The Company’s EBITDA increased by 53% in Q1
In January–March 2021, Interpipe’s profit slumped by 90% to $865 million y-o-y, according to Interfax-Ukraine citing the Company’s interim report on operating and financial results for three months.
Revenue in Q1 decreased by 19.9% y-o-y to $200.9 million; EBITDA declined by 53% y-o-y- to $40 million. Total Net Debt stood at $53 million with net leverage ratio (net debt to EBITDA) at 0.2x.
“In Q1, Interpipe continued operating in challenging market environment which impacted its financial performance. The total revenue dropped by 20%, primarily due to a contraction in railway product segment following the imposition of embargo on imports of Ukraine-made railway products by Russia. Revenue of the railway product segment plunged by 53%, with a fall in sales volumes of 32%,” reads the report.
At the same time, the Company ramped up its capital investment, having spent $17 million for maintenance and expansion projects.
“Additional adverse effects are associated with ongoing global price rally on commodities and metal products. At the same time, sale prices for pipes and railway products were lagging the appreciation of production inputs,” Interpipe noted.

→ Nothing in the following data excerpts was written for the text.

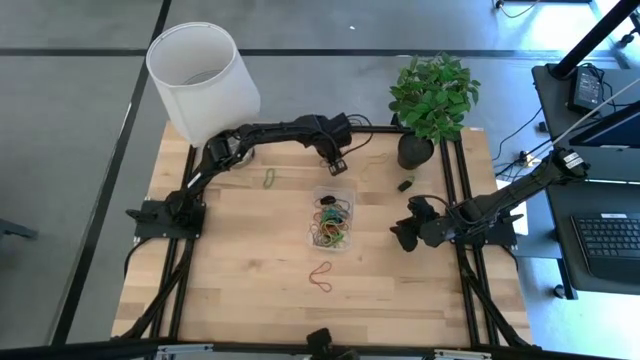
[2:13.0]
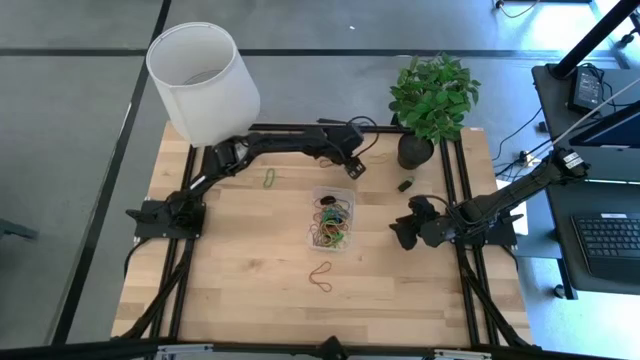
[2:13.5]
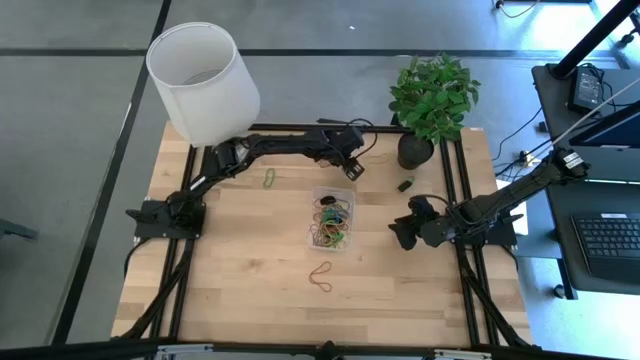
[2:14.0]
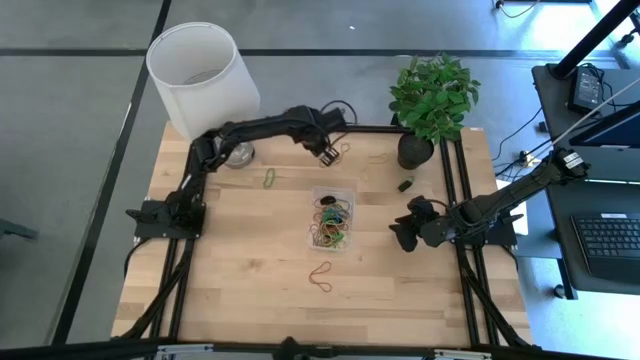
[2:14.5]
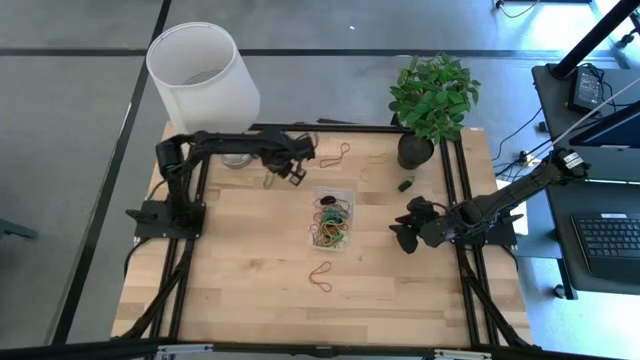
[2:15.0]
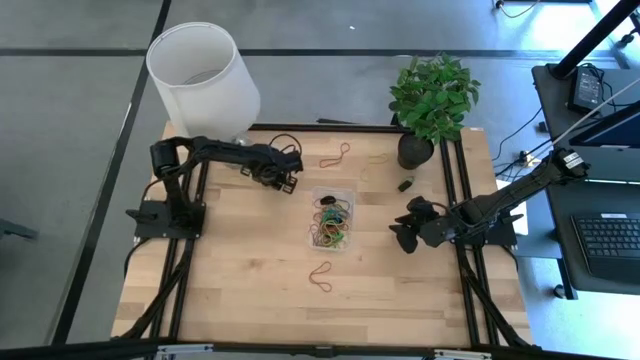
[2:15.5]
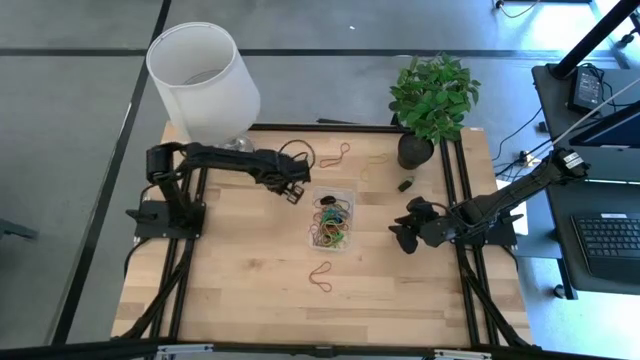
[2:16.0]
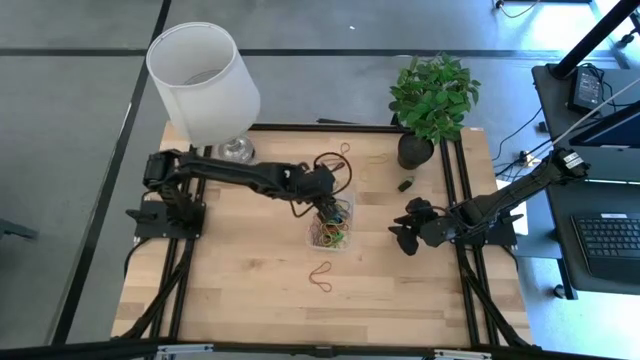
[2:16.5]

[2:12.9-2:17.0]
Put the left green rubber band into the bin

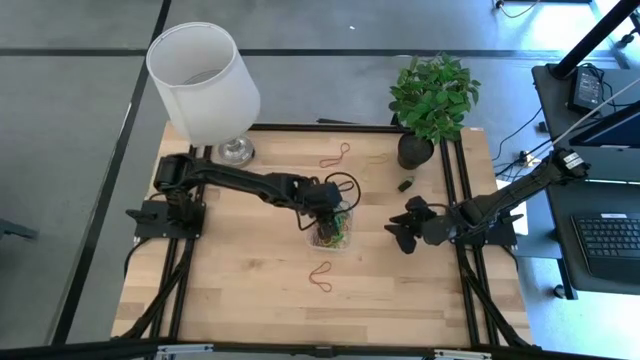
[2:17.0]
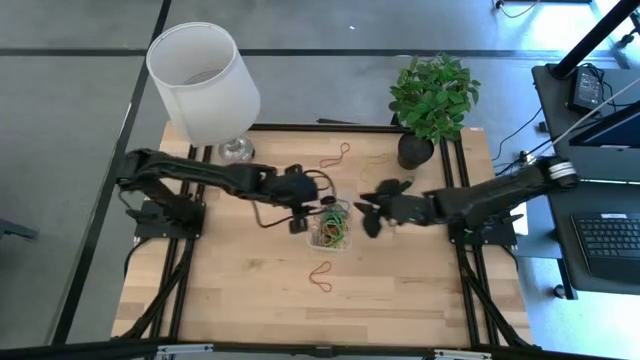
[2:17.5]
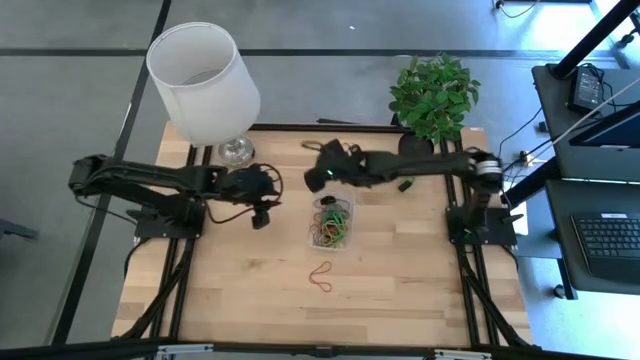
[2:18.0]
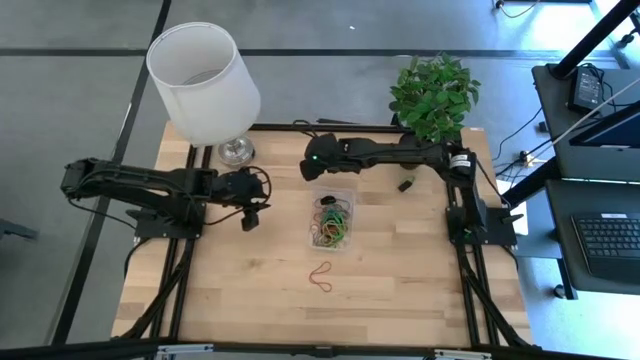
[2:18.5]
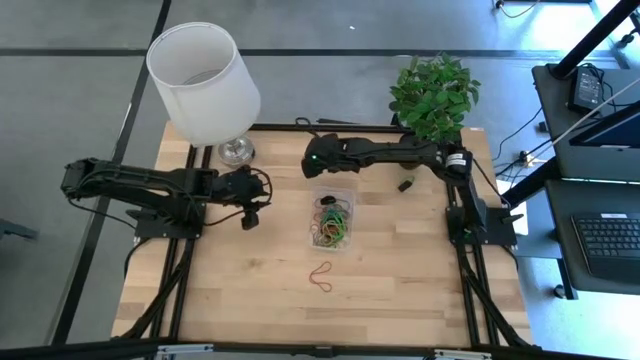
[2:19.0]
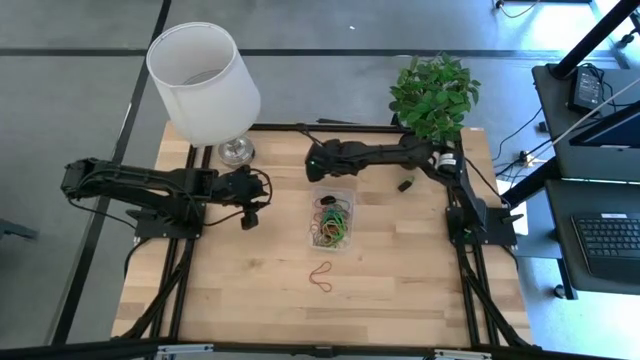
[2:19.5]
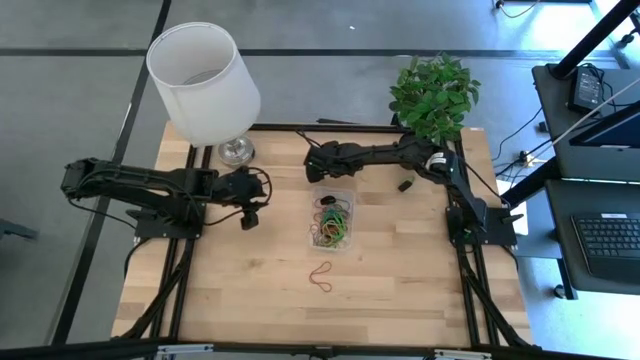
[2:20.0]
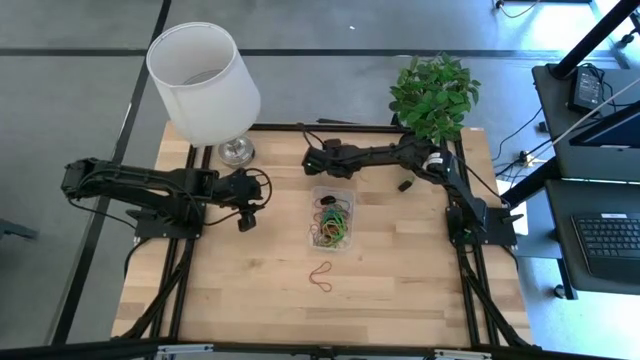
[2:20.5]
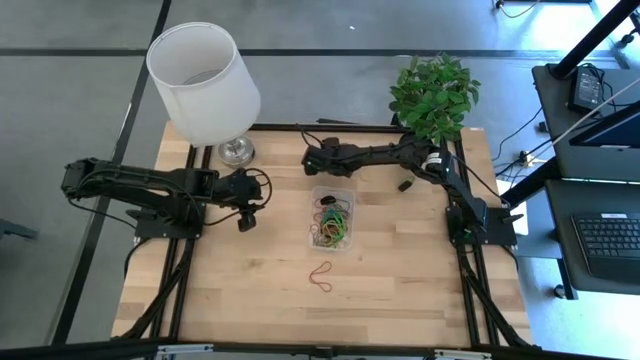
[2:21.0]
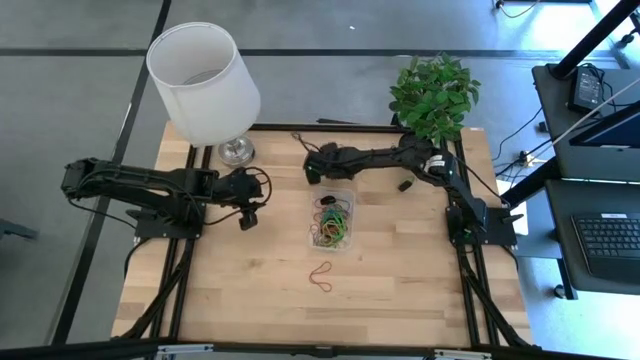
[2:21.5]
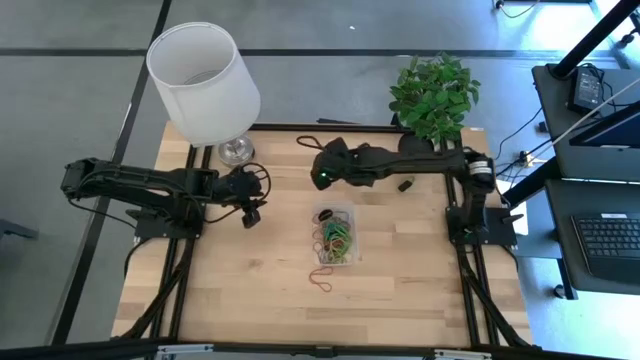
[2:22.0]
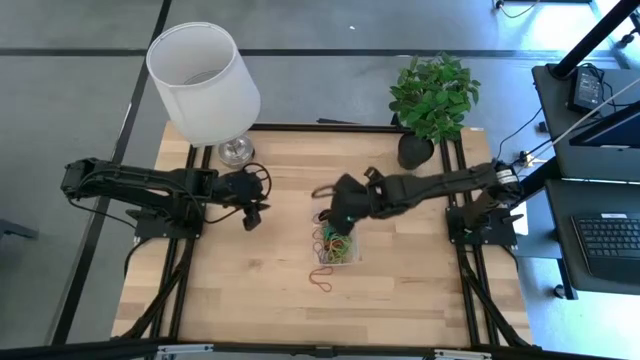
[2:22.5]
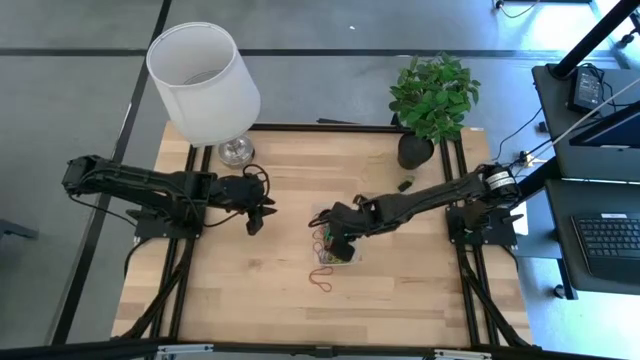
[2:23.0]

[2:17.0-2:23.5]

As of 31 March 2021, the Company’s total debt fell to $110 million, keeping the net leverage ratio (net debt to EBITDA) at the minor level of 0.2x.
“The strong price rally on raw materials and steel products in Q1 2021 caused a downward pressure on the Company’s production margins. Starting from 9 February 2021, Russia imposed an embargo on import of Ukrainian railway products, which resulted in much weaker performance. However, then in the first months of Q2 2021 Interpipe have been successful in redirecting sales volumes of wheels to other destinations, having almost reached the pre-embargo production levels,” Fadi Hraibi, Interpipe CEO, said in a commentary.
As GMK Center reported earlier, in 2020, Interpipe reduced its revenue by 23% y-o-y to $865 million. The Company’s EBITDA increased by 6% to $273 million, while its capital investment fell by 26% to $44 million and net debt to $12 million.
Interpipe is an international, vertically integrated pipe and wheel company, one of the top 10 global manufacturers of seamless pipes and one of the top 3 manufacturers of railway wheels.